2.3.9 Dirty

Big data sources can be loaded with junk and spam.

Some researchers believe that big data sources, especially online sources, are pristine because they are collected automatically. In fact, people who have worked with big data sources know that they are frequently dirty. That is, they frequently include data that do not reflect real actions of interest to researchers. Most social scientists are already familiar with the process of cleaning large-scale social survey data, but cleaning big data sources seems to be more difficult. I think the ultimate source of this difficulty is that many of these big data sources were never intended to be used for research, and so they are not collected, stored, and documented in a way that facilitates data cleaning.

The dangers of dirty digital trace data are illustrated by Back and colleagues’ (2010) study of the emotional response to the attacks of September 11, 2001, which I briefly mentioned earlier in the chapter. Researchers typically study the response to tragic events using retrospective data collected over months or even years. But, Back and colleagues found an always-on source of digital traces—the timestamped, automatically recorded messages from 85,000 American pagers—and this enabled them to study emotional response on a much finer timescale. They created a minute-by-minute emotional timeline of September 11 by coding the emotional content of the pager messages by the percentage of words related to (1) sadness (e.g., “crying” and “grief”), (2) anxiety (e.g., “worried” and “fearful”), and (3) anger (e.g., “hate” and “critical”). They found that sadness and anxiety fluctuated throughout the day without a strong pattern, but that there was a striking increase in anger throughout the day. This research seems to be a wonderful illustration of the power of always-on data sources: if traditional data sources had been used, it would have been impossible to obtain such a high-resolution timeline of the immediate response to an unexpected event.

Just one year later, however, Cynthia Pury (2011) looked at the data more carefully. She discovered that a large number of the supposedly angry messages were generated by a single pager and they were all identical. Here’s what those supposedly angry messages said:

“Reboot NT machine [name] in cabinet [name] at [location]:CRITICAL:[date and time]”

These messages were labeled angry because they included the word “CRITICAL,” which may generally indicate anger but in this case does not. Removing the messages generated by this single automated pager completely eliminates the apparent increase in anger over the course of the day (figure 2.4). In other words, the main result in Back, Küfner, and Egloff (2010) was an artifact of one pager. As this example illustrates, relatively simple analysis of relatively complex and messy data has the potential to go seriously wrong.

Figure 2.4: Estimated trends in anger over the course of September 11, 2001 based on 85,000 American pagers (Back, Küfner, and Egloff 2010, 2011; Pury 2011). Originally, Back, Küfner, and Egloff (2010) reported a pattern of increasing anger throughout the day. However, most of these apparently angry messages were generated by a single pager that repeatedly sent out the following message: “Reboot NT machine [name] in cabinet [name] at [location]:CRITICAL:[date and time]”. With this message removed, the apparent increase in anger disappears (Pury 2011; Back, Küfner, and Egloff 2011). Adapted from Pury (2011), figure 1b.

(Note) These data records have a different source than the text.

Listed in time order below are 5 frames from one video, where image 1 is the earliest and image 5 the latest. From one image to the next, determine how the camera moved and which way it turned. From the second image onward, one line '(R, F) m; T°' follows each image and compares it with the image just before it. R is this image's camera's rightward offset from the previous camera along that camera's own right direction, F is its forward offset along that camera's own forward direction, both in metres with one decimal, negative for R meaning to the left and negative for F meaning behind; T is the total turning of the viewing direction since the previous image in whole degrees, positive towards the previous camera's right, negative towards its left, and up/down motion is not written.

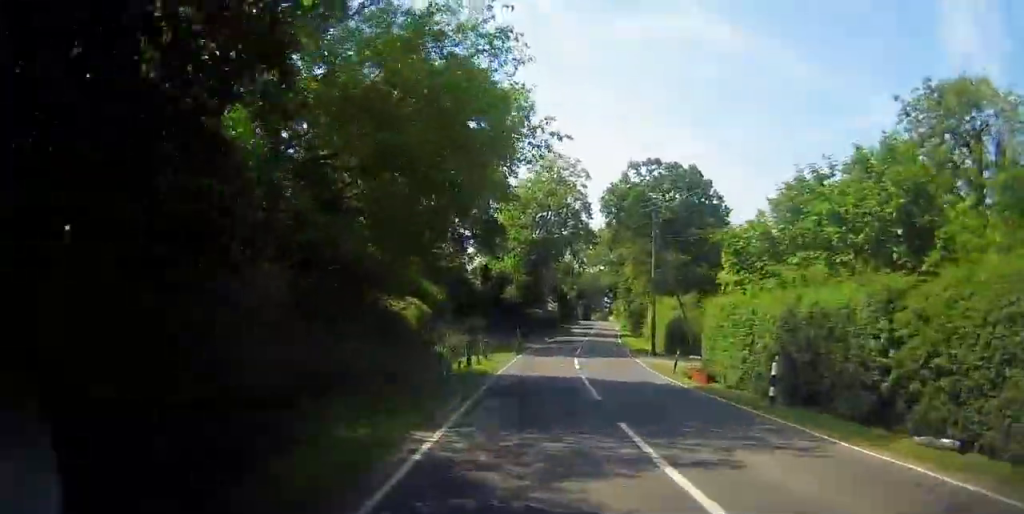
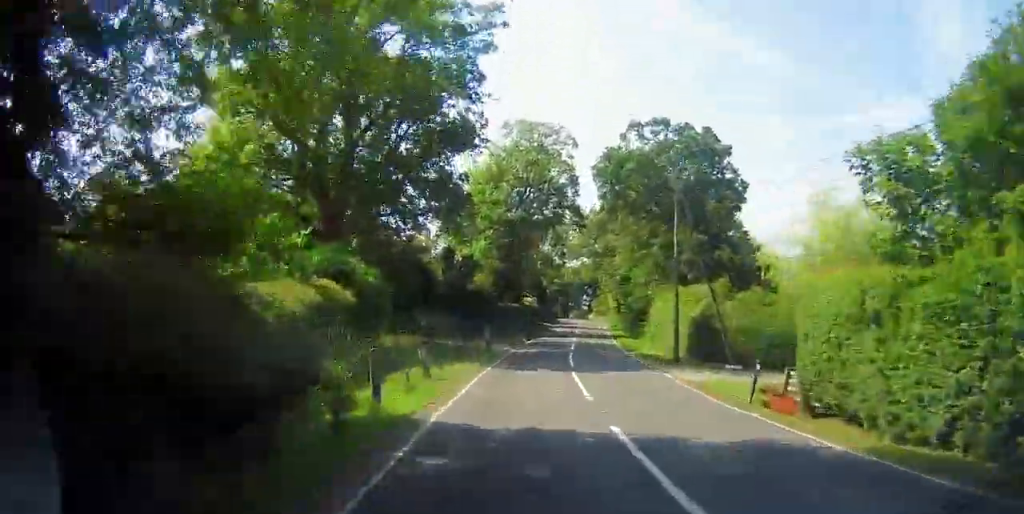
(+0.4, +10.0) m; +2°
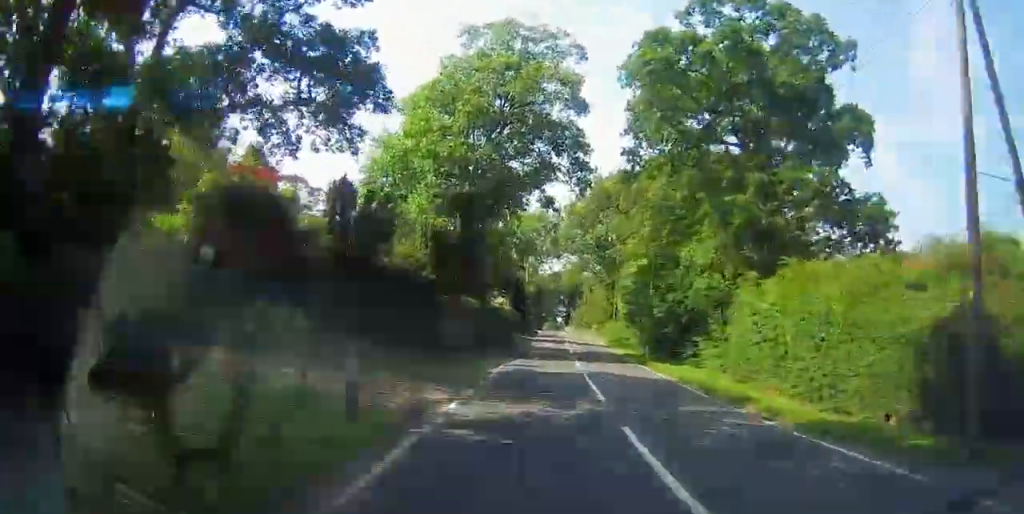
(0.0, +18.4) m; 0°
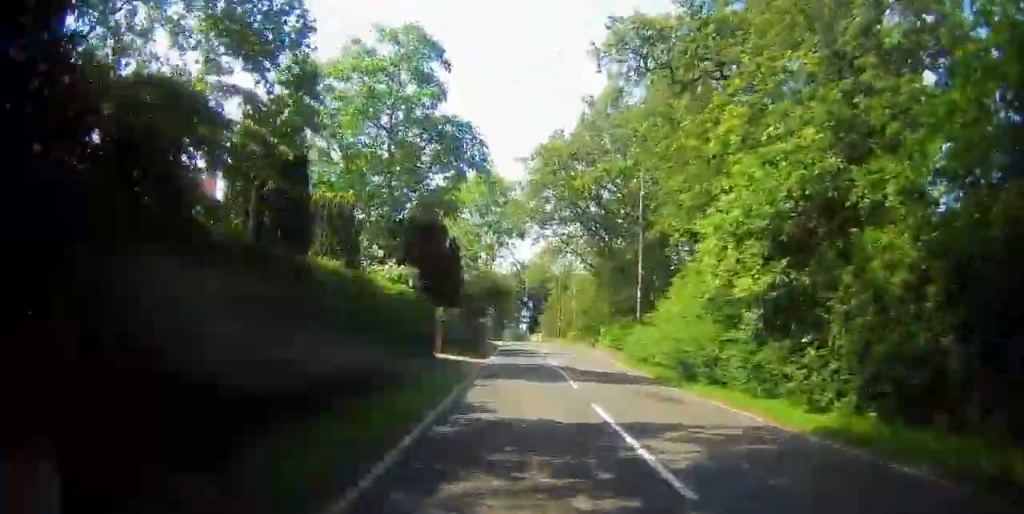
(0.0, +25.7) m; 0°
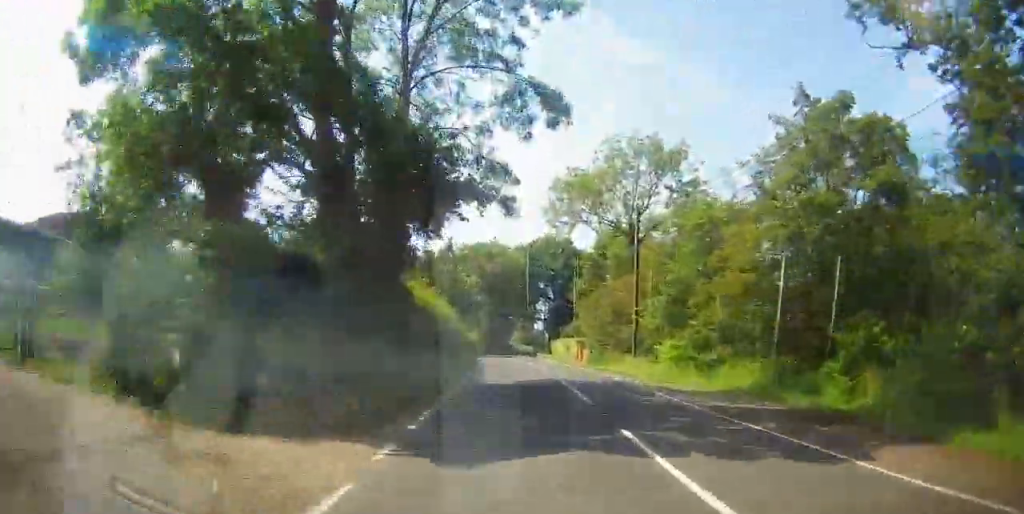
(+0.1, +47.9) m; +1°

While dirty data that is created unintentionally—such as that from one noisy pager—can be detected by a reasonably careful researcher, there are also some online systems that attract intentional spammers. These spammers actively generate fake data, and—often motivated by profit—work very hard to keep their spamming concealed. For example, political activity on Twitter seems to include at least some reasonably sophisticated spam, whereby some political causes are intentionally made to look more popular than they actually are (Ratkiewicz et al. 2011). Unfortunately, removing this intentional spam can be quite difficult.

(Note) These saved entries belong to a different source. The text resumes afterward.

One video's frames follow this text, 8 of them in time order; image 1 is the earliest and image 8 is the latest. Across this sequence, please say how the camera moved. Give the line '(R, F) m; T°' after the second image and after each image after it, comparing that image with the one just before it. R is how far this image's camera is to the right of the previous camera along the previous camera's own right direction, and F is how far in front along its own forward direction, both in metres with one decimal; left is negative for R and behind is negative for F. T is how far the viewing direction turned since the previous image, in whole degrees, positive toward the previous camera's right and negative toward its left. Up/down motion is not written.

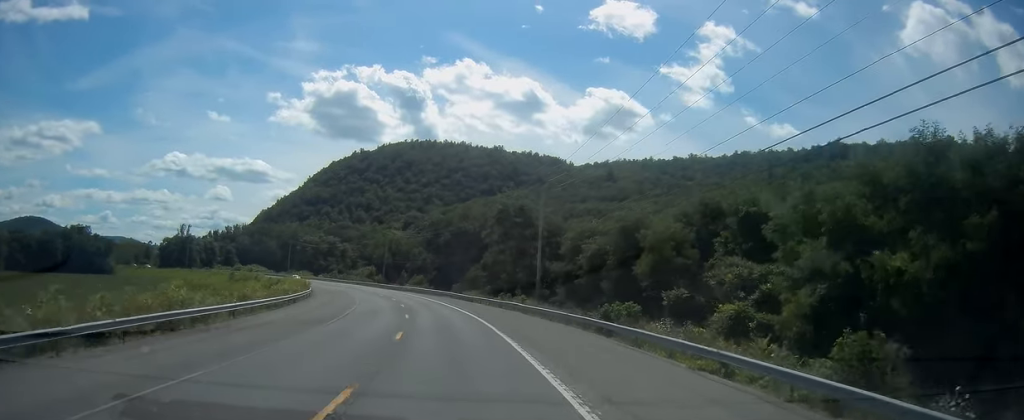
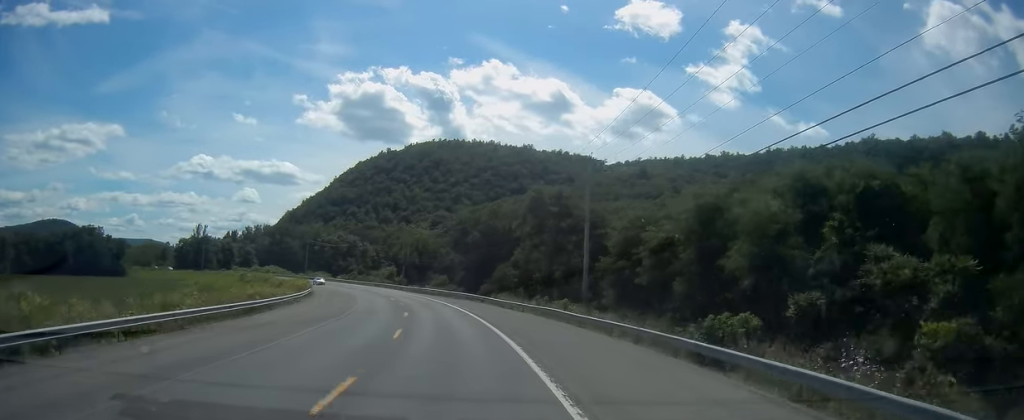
(0.0, +11.7) m; -3°
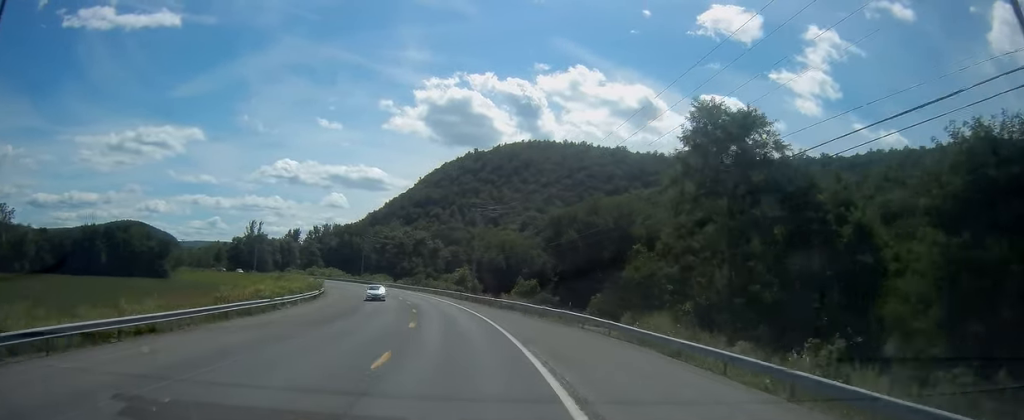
(-2.7, +32.8) m; -9°
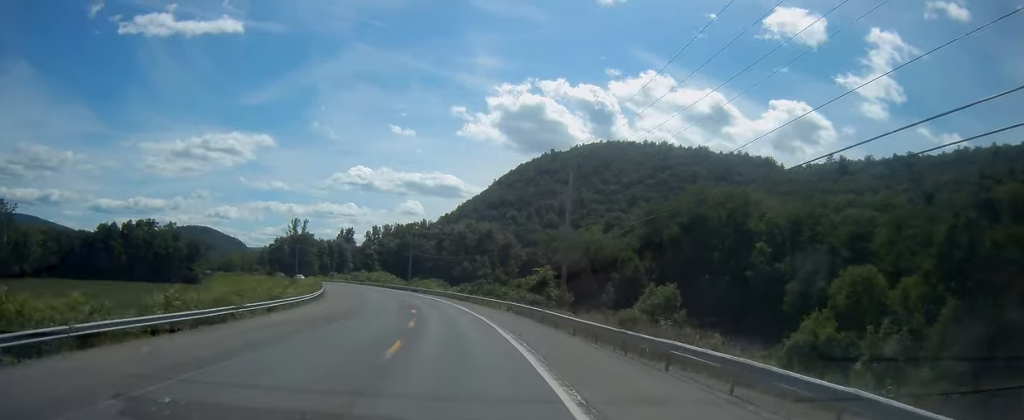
(-2.8, +33.1) m; -9°
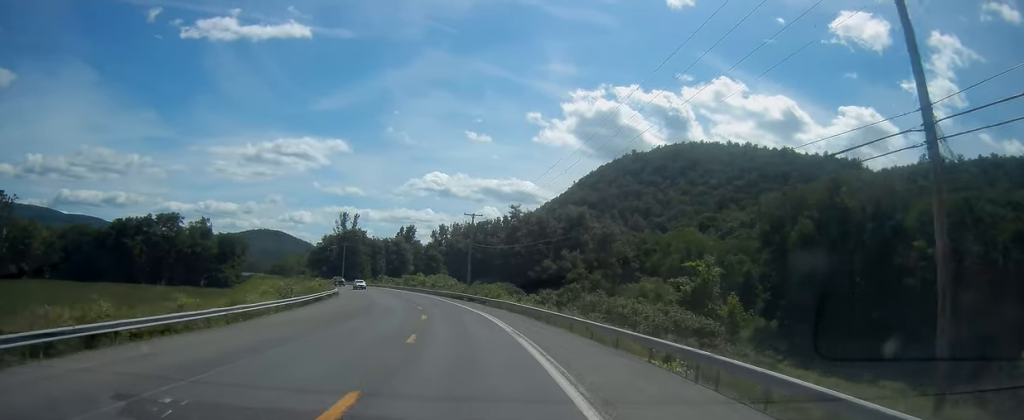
(-1.8, +31.6) m; -6°
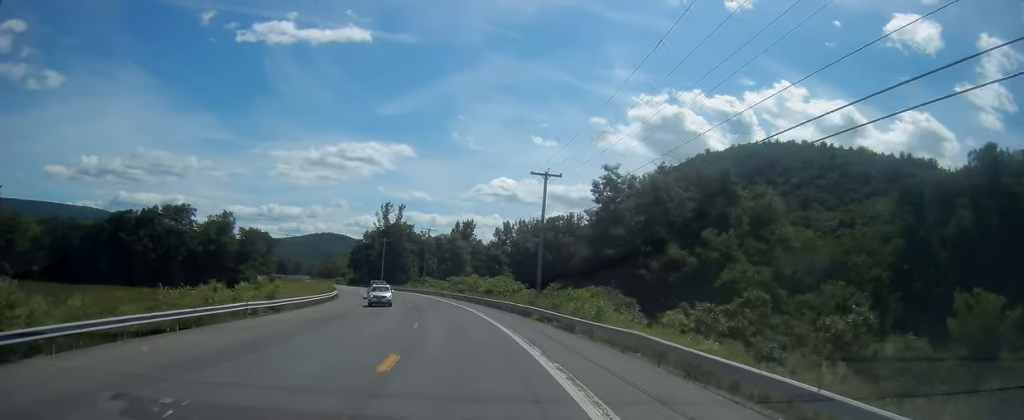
(-1.5, +31.0) m; -5°
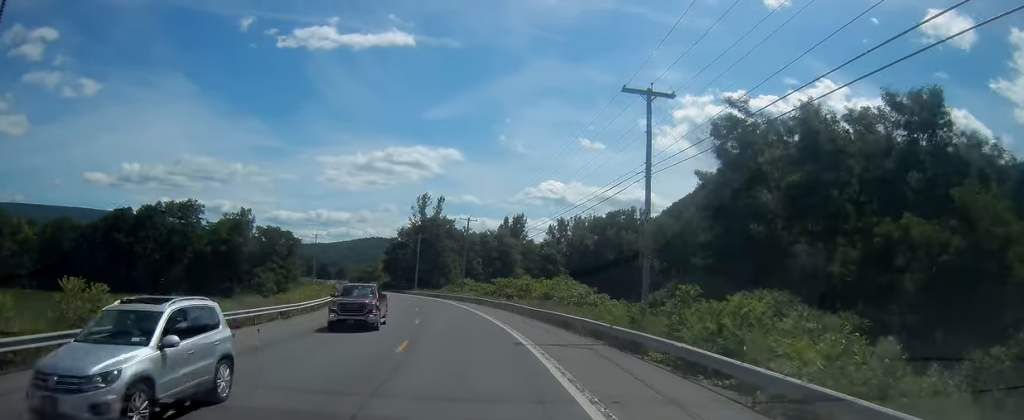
(-0.7, +21.3) m; -4°
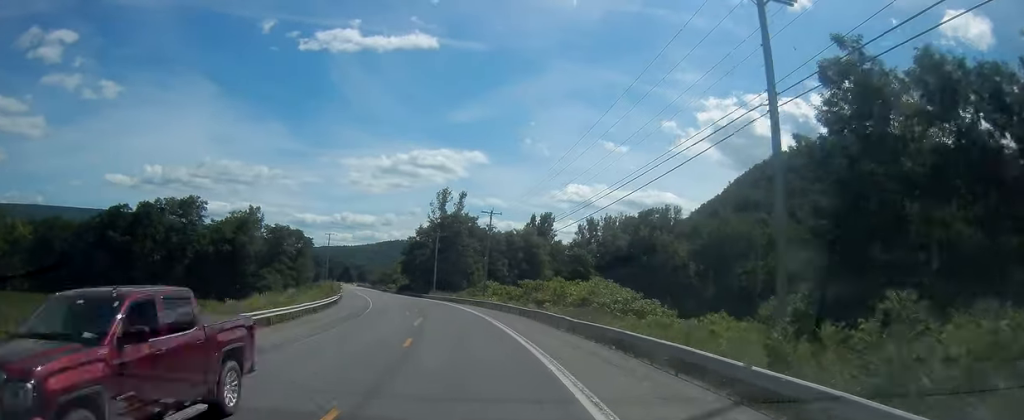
(-0.2, +10.8) m; -3°

Of course what is considered dirty data can depend, in part, on the research question. For example, many edits to Wikipedia are created by automated bots (Geiger 2014). If you are interested in the ecology of Wikipedia, then these bot-created edits are important. But if you are interested in how humans contribute to Wikipedia, then the bot-created edits should be excluded.

There is no single statistical technique or approach that can ensure that you have sufficiently cleaned your dirty data. In the end, I think the best way to avoid being fooled by dirty data is to understand as much as possible about how your data were created.